*** Opening of PROVIDED INFORMATION ***
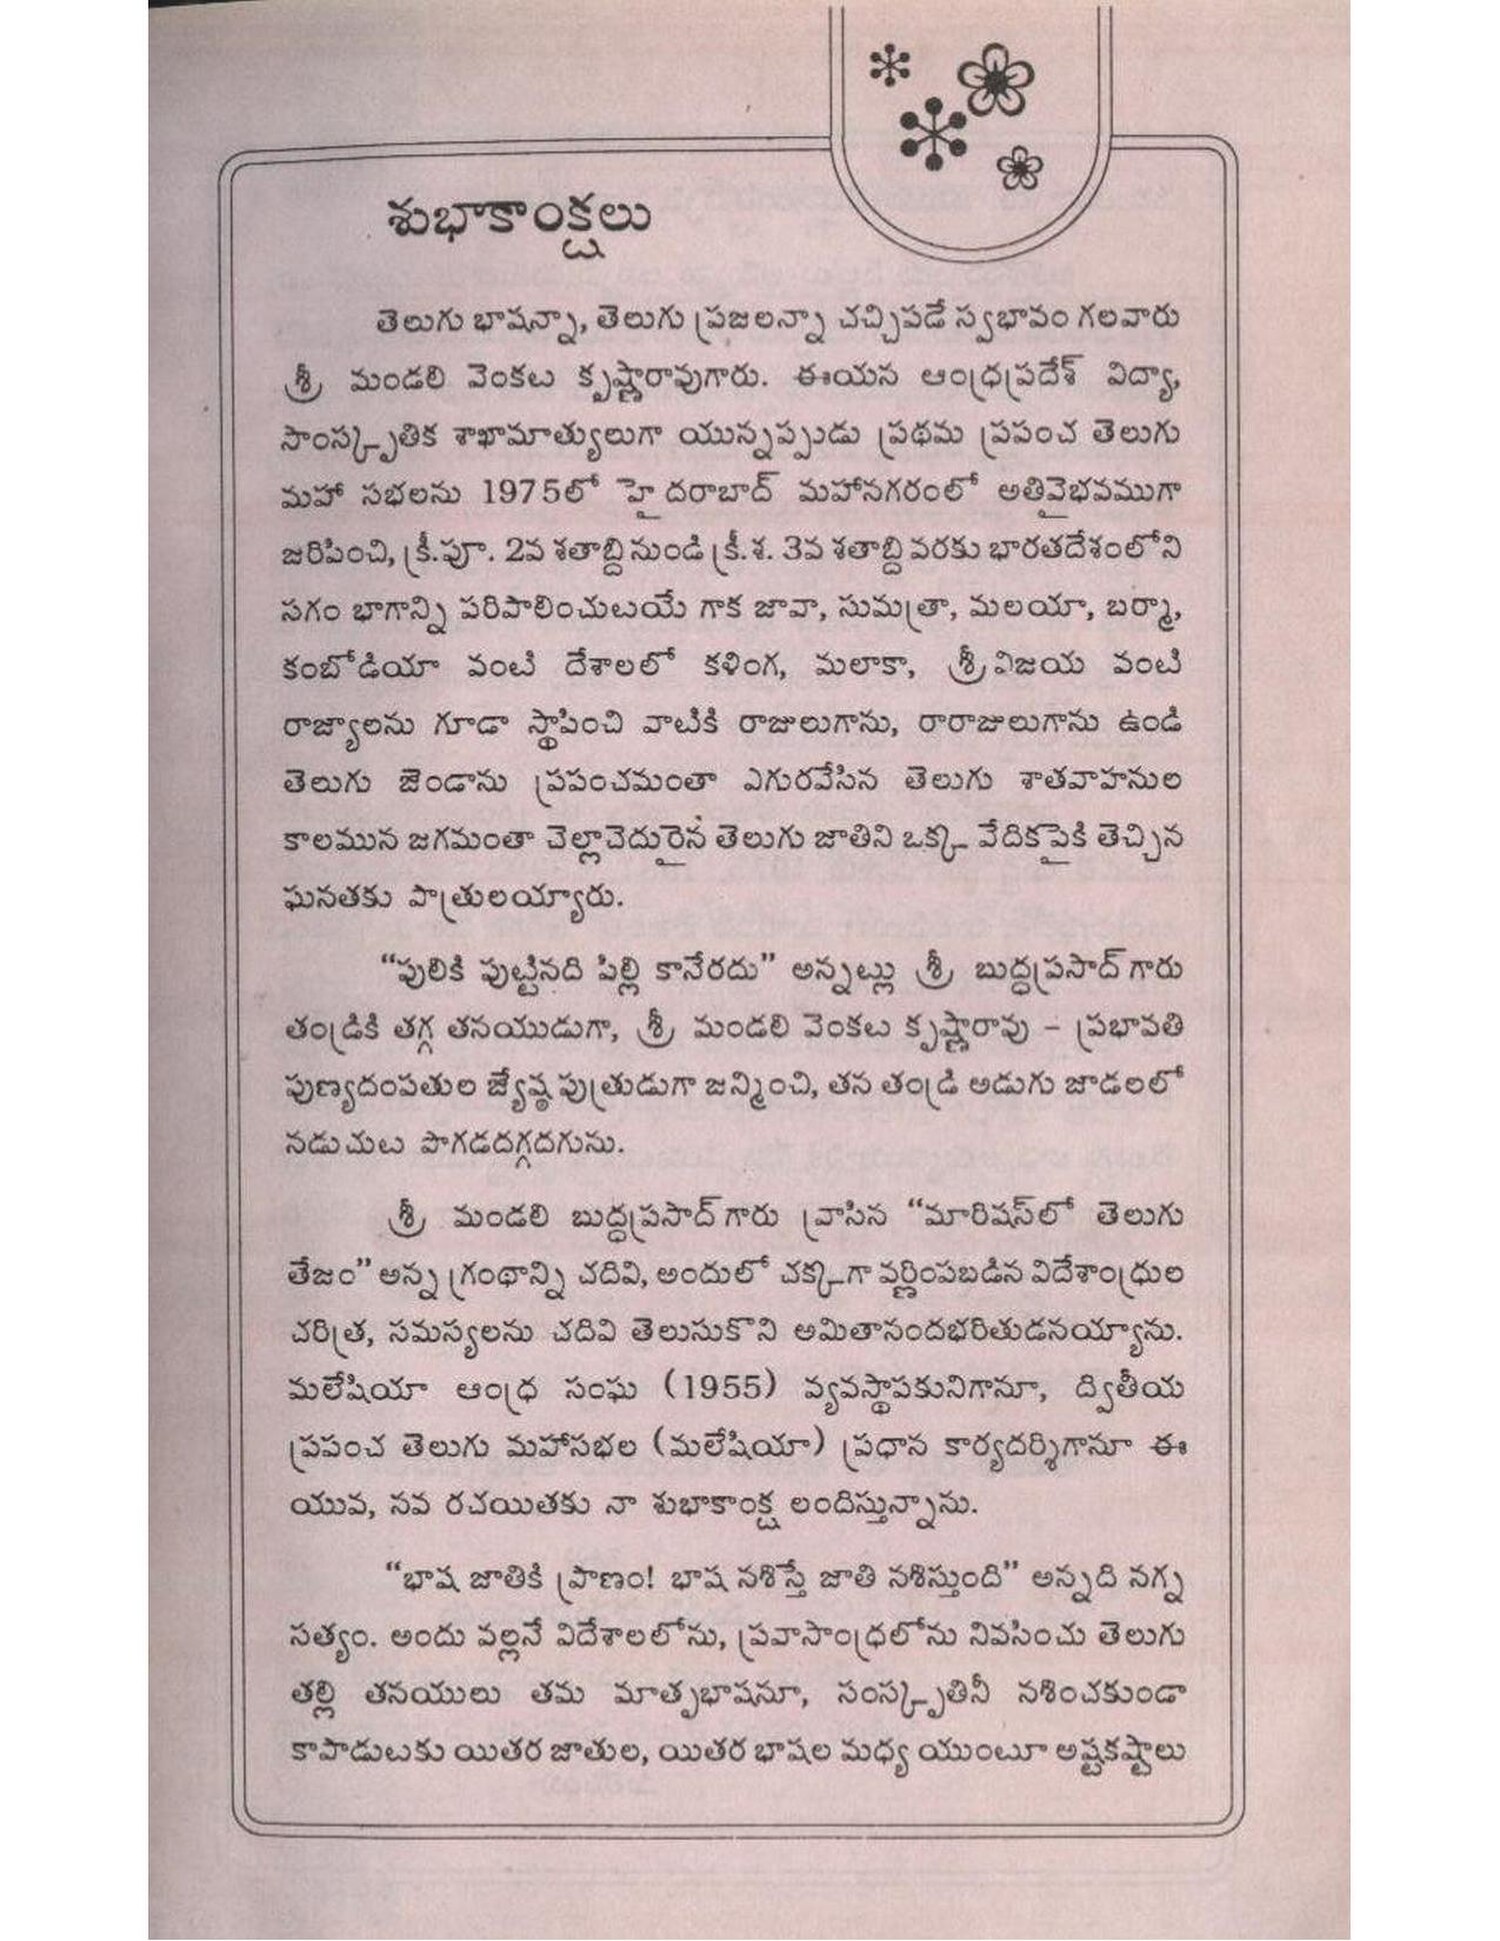శుభాకాంక్షలు

తెలుగు భాషన్నా, తెలుగు ప్రజలన్నా చచ్చిపడే స్వభావం గలవారు శ్రీ మండలి వెంకట కృష్ణారావుగారు. ఈయన ఆంధ్రప్రదేశ్ విద్యా సాంస్కృతిక శాఖామాత్యులుగా యున్నప్పుడు ప్రథమ ప్రపంచ తెలుగు మహా సభలను 1975లో హైదరాబాద్ మహానగరంలో అతివైభవముగా జరిపించి, క్రీ.పూ. 2వ శతాబ్దినుండి క్రీ.శ. 3వ శతాబ్ది వరకు భారతదేశంలోని సగం భాగాన్ని పరిపాలించుటయే గాక జావా, సుమత్రా, మలయా, బర్మా, కంబోడియా వంటి దేశాలలో కళింగ, మలాకా, శ్రీ విజయ వంటి రాజ్యాలను కూడా స్థాపించి వాటికి రాజులుగాను, రారాజులుగాను ఉండి తెలుగు జెండాను ప్రపంచమంతా ఎగురవేసిన తెలుగు శాతవాహనుల కాలమున జగమంతా చెల్లాచెదురైన తెలుగు జాతిని ఒక్క వేదికపైకి తెచ్చిన ఘనతకు పాత్రులయ్యారు.

"పులికి పుట్టినది పిల్లి కానేరదు" అన్నట్లు శ్రీ బుద్ధప్రసాద్ గారు తండ్రికి తగ్గ తనయుడుగా, శ్రీ మండలి వెంకట కృష్ణారావు - ప్రభావతి పుణ్యదంపతుల జ్యేష్ఠ పుత్రుడుగా జన్మించి, తన తండ్రి అడుగు జాడలలో నడుచుట పొగడదగ్గదగును.

శ్రీ మండలి బుద్దప్రసాద్ గారు వ్రాసిన "మారిషస్ లో తెలుగు తేజం' అన్న గ్రంథాన్ని చదివి, అందులో చక్కగా వర్ణింపబడిన విదేశాంధ్రుల చరిత్ర, సమస్యలను చదివి తెలుసుకొని అమితానందభరితుడనయ్యాను. మలేషియా ఆంధ్ర సంఘ (1955) వ్యవస్థాపకునిగానూ, ద్వితీయ ప్రపంచ తెలుగు మహాసభల (మలేషియా) ప్రధాన కార్యదర్శిగానూ ఈ యువ, నవ రచయితకు నా శుభాకాంక్ష లందిస్తున్నాను.

"భాష జాతికి ప్రాణం! భాష నశిస్తే జాతి నశిస్తుంది" అన్నది నగ్న సత్యం. అందు వల్లనే విదేశాలలోను, ప్రవాసాంధ్రలోను నివసించు తెలుగు తల్లి తనయులు తమ మాతృభాషనూ, సంస్కృతినీ నశించకుండా కాపాడుటకు యితర జాతుల, యితర భాషల మధ్య యుంటూ అష్టకష్టాలు
*** Close of PROVIDED INFORMATION ***
■ WHAT YOU HAVE TO DO
The answer must be an exact copy of the lines from the one containing "శ్రీ మండలి బుద్దప్రసాద్" through the last line of the records, both included.

■ WRITTEN REPLY
శ్రీ మండలి బుద్దప్రసాద్ గారు వ్రాసిన "మారిషస్ లో తెలుగు తేజం' అన్న గ్రంథాన్ని చదివి, అందులో చక్కగా వర్ణింపబడిన విదేశాంధ్రుల చరిత్ర, సమస్యలను చదివి తెలుసుకొని అమితానందభరితుడనయ్యాను. మలేషియా ఆంధ్ర సంఘ (1955) వ్యవస్థాపకునిగానూ, ద్వితీయ ప్రపంచ తెలుగు మహాసభల (మలేషియా) ప్రధాన కార్యదర్శిగానూ ఈ యువ, నవ రచయితకు నా శుభాకాంక్ష లందిస్తున్నాను.

"భాష జాతికి ప్రాణం! భాష నశిస్తే జాతి నశిస్తుంది" అన్నది నగ్న సత్యం. అందు వల్లనే విదేశాలలోను, ప్రవాసాంధ్రలోను నివసించు తెలుగు తల్లి తనయులు తమ మాతృభాషనూ, సంస్కృతినీ నశించకుండా కాపాడుటకు యితర జాతుల, యితర భాషల మధ్య యుంటూ అష్టకష్టాలు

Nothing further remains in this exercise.